Robust Partially-Compressed Least-Squares

TL;DR

This paper introduces robust, partially-compressed least-squares algorithms that improve accuracy and error bounds while maintaining computational efficiency, addressing noise and error issues caused by matrix compression techniques.

Contribution

It proposes new models and algorithms for robust partially-compressed least-squares, including error bounds and an efficient solution method based on a reduction to a one-dimensional search.

Findings

Robust partially-compressed solutions outperform classical compressed variants in accuracy.

The paper derives the first approximation error bounds for partially-compressed least-squares.

Empirical results show robustness against aggressive randomized transforms.

Abstract

Randomized matrix compression techniques, such as the Johnson-Lindenstrauss transform, have emerged as an effective and practical way for solving large-scale problems efficiently. With a focus on computational efficiency, however, forsaking solutions quality and accuracy becomes the trade-off. In this paper, we investigate compressed least-squares problems and propose new models and algorithms that address the issue of error and noise introduced by compression. While maintaining computational efficiency, our models provide robust solutions that are more accurate--relative to solutions of uncompressed least-squares--than those of classical compressed variants.
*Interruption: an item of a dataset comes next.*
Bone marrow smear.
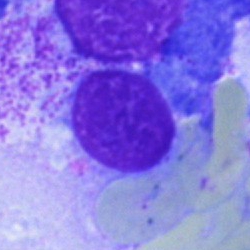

We introduce tools from robust optimization together with a form of partial compression to improve the error-time trade-offs of compressed least-squares solvers. We develop an efficient solution algorithm for our Robust Partially-Compressed (RPC) model based on a reduction to a one-dimensional search. We also derive the first approximation error bounds for Partially-Compressed least-squares solutions. Empirical results comparing numerous alternatives suggest that robust and partially compressed solutions are effectively insulated against aggressive randomized transforms.